Search code examples
c#linqdatareader

Find longest string from DataReader column


Is It possible to create a Linq for retrieving longest string values of DataReader columns ? Column data should be converted to string and then return longest string.

What I know so far is how to get same thing with DataTable which is Enumerable (as I asked here), example:

string maxString = dt
  .AsEnumerable()
  .Select(row => row[mycolumn].ToString())
  .OrderByDescending(st => st.Length)
  .FirstOrDefault();

I've tried combining upper solution for DataReader like this:

var enumerable = reader
  .Cast<IDataRecord>();

string max_string = enumerable
  .Select(record => record.GetName(col).ToString())
  .Aggregate((s, a) => a.Length > s.Length ? a : s);

Unfortunally this doesn't work, I get

Sequence contains no elements in at System.Linq.Enumerable.Aggregate

error. Thanks for help in advance :)

EDIT: I'm looking for a solution without loading data into Datatable etc., just directly from DataReader object.
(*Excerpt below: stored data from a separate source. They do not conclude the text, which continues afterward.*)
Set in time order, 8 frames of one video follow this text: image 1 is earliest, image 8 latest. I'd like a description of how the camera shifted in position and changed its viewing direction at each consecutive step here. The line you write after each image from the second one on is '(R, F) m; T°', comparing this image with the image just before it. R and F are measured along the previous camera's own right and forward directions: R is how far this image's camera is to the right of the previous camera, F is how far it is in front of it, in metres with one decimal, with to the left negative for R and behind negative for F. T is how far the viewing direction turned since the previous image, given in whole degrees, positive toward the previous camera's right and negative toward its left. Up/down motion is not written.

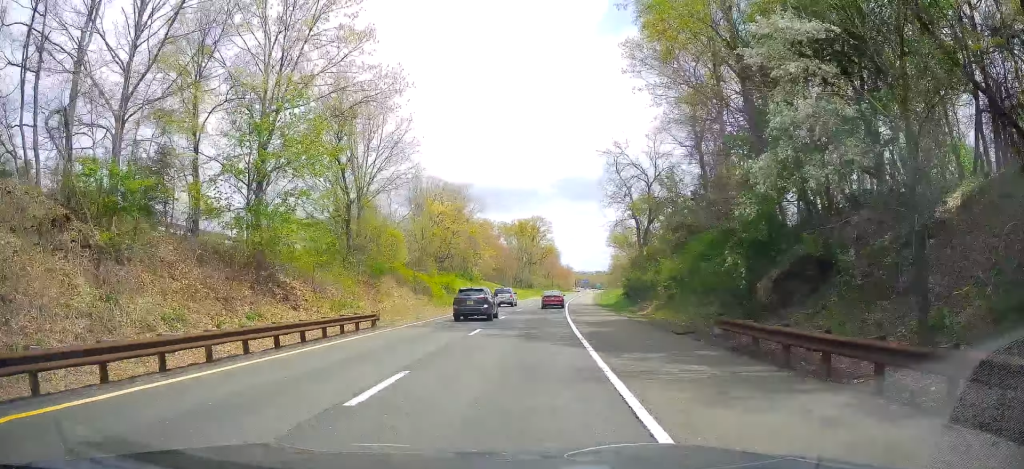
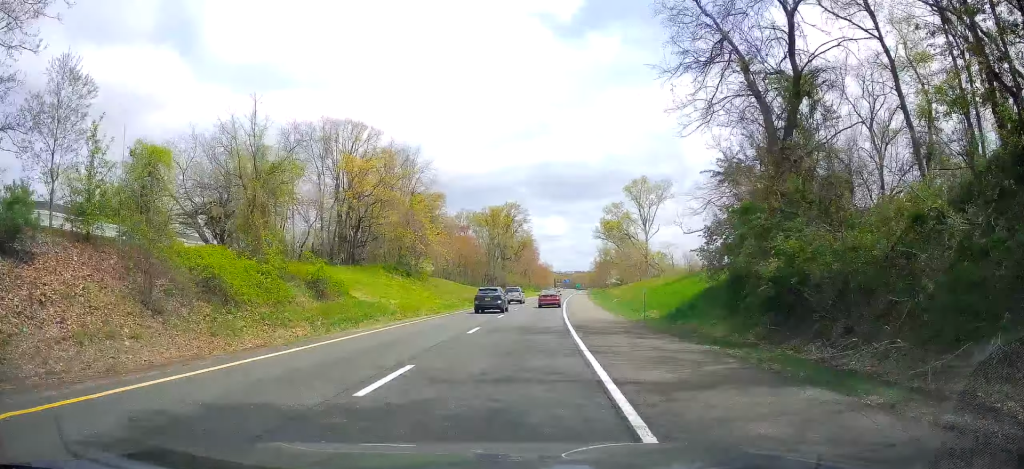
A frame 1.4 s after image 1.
(+1.0, +35.8) m; +3°
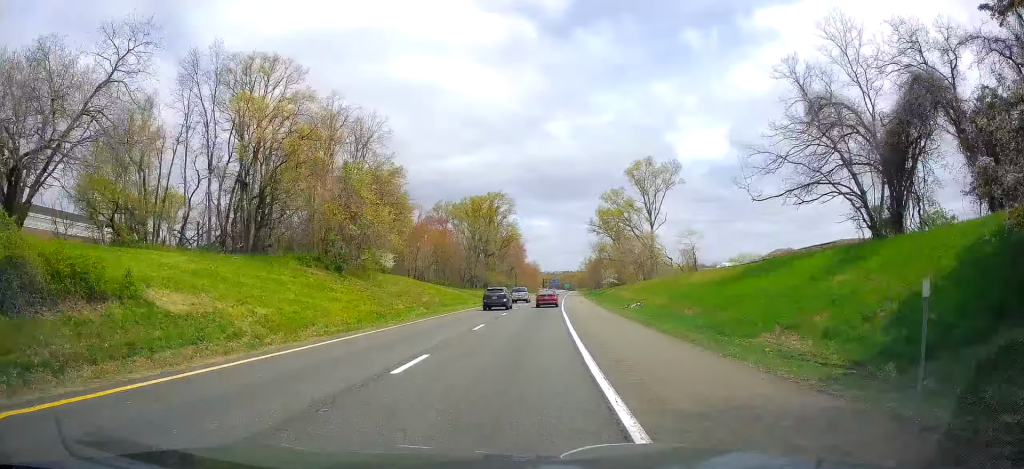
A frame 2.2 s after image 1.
(+0.6, +21.9) m; +1°
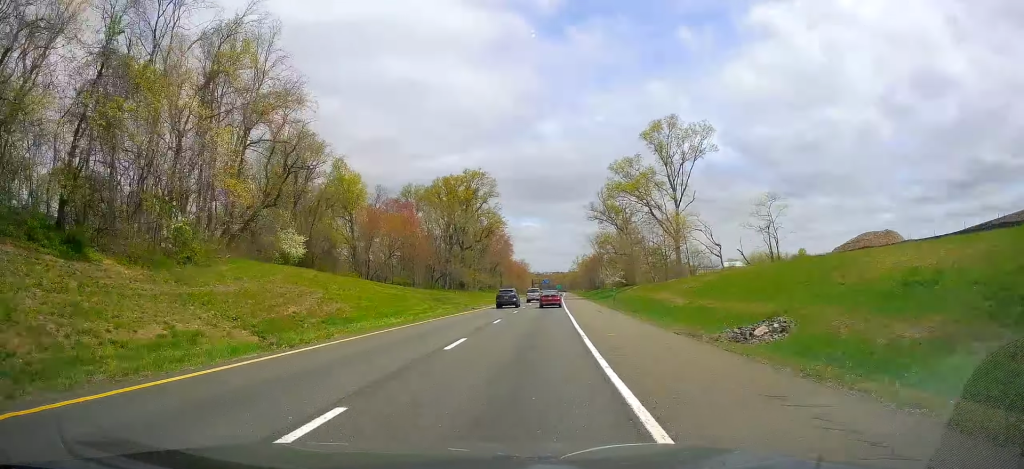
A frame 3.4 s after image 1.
(-0.2, +31.6) m; +1°
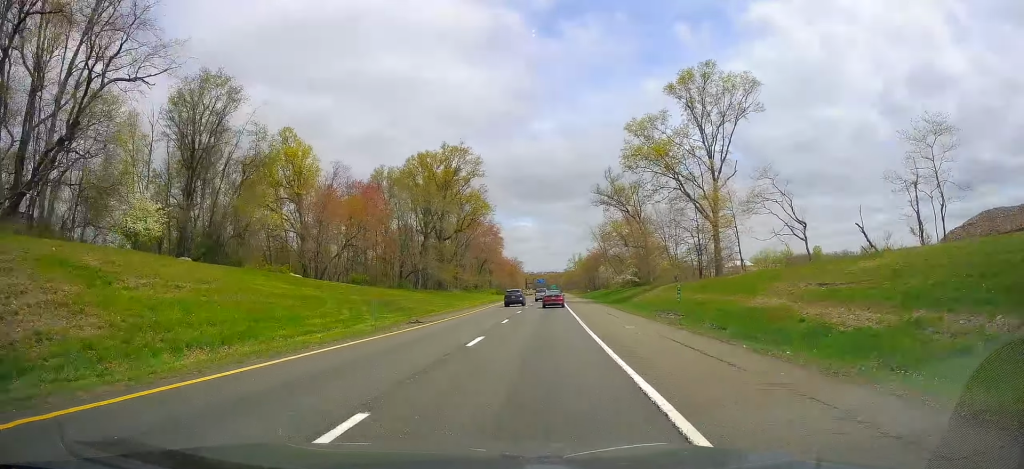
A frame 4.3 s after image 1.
(+0.5, +23.8) m; +2°
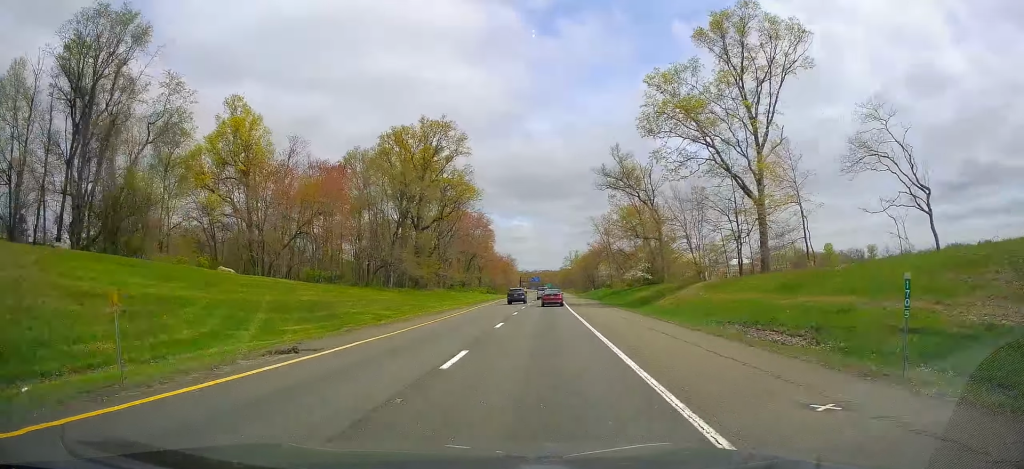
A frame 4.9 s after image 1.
(+0.2, +16.8) m; +1°
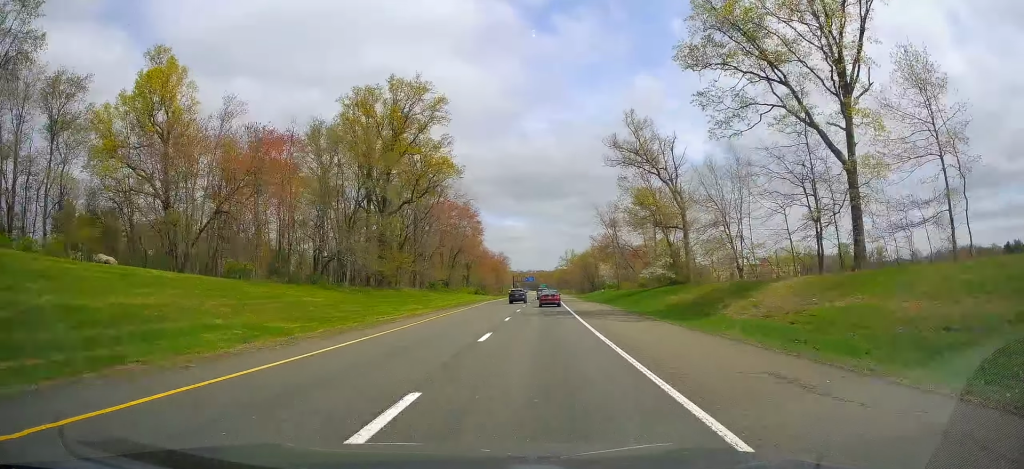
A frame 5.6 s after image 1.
(+0.2, +18.5) m; +1°
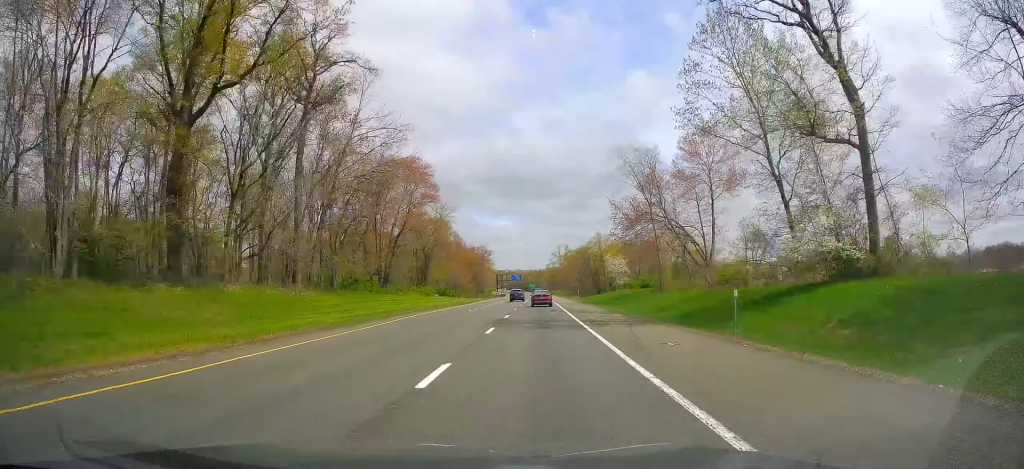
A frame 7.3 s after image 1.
(+0.2, +44.7) m; 0°

I'm trying to avoid "Out of memory exception", because data is large.

Latest attempt, suggested by Power Mouse (It returns correct value, but from column 1 only):

     for (int col = 0; col < reader.FieldCount; col++)
     {
         string col_name = reader.GetName(col).ToString();
         var enumerable = reader.Cast<IDataRecord>();

         string max_string = enumerable.Where(x => enumerable.Max(y => y[col_name].ToString()
                             .Length) == x[col_name].ToString().Length)
                             .FirstOrDefault()?[col_name].ToString();

         Console.WriteLine("max string of column is : " + max_string);
      }

Solution

  • I solved my problem, unfortunally without LINQ. Problem is that with DataReader you cannot just simply loop through rows & columns as you can with DataTable once stored in memory, but you must perfom somekind of same logic while reader.Read() method is running.
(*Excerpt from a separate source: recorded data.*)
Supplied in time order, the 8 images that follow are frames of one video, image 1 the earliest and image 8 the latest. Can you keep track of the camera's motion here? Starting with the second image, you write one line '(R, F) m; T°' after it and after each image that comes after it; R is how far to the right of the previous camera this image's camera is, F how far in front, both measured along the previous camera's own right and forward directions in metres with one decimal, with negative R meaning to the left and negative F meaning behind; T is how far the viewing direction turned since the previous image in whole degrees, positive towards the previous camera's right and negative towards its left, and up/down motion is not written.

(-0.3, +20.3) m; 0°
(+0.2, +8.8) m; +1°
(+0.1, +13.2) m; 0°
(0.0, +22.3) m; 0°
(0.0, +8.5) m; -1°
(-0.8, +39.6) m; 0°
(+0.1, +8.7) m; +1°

    So, best thing I could came up with is to store column indexes and their string values into Dictionary while .Read() method is running.

    Doing that, you must be careful about string blank spaces & null values. Here is my solution, which runs good for me:

     Dictionary<int, string> col_values = new Dictionary<int, string>();
    
     using (OracleDataReader reader = cmd.ExecuteReader())
     {
          for (int i = 0; i < reader.FieldCount; i++)
          {
              //First add indexes to Dictionary 
              // I add column names here - didn't test for string.Empty !!
              col_values.Add(i, string.Empty);
          }
    
          //Then read row by row and modify Dictionary - If text is larger than string.Empty
          //Dictionary must be .ToArray(), or else you'll have an error for modifying collection
          while (reader.Read())
          {
              foreach (var item in col_values.ToArray())
              {
                 string rdr_text = reader[item.Key].ToString().Trim()??string.Empty;
    
                 if (item.Value.Length<rdr_text.Length)
                 {
                     col_values[item.Key] = rdr_text;
                 }
              }
          }
    
          foreach (var item in col_values)
          {
             //...And here we have all longest strings stored, for each column...Job done
          }
     }
    

    For my purpuses this Iteration reads around 2.3 mio rows with 12 columns in 4 minutes. It's not fast, but at least It works. If anyone has better/faster idea please provide answer.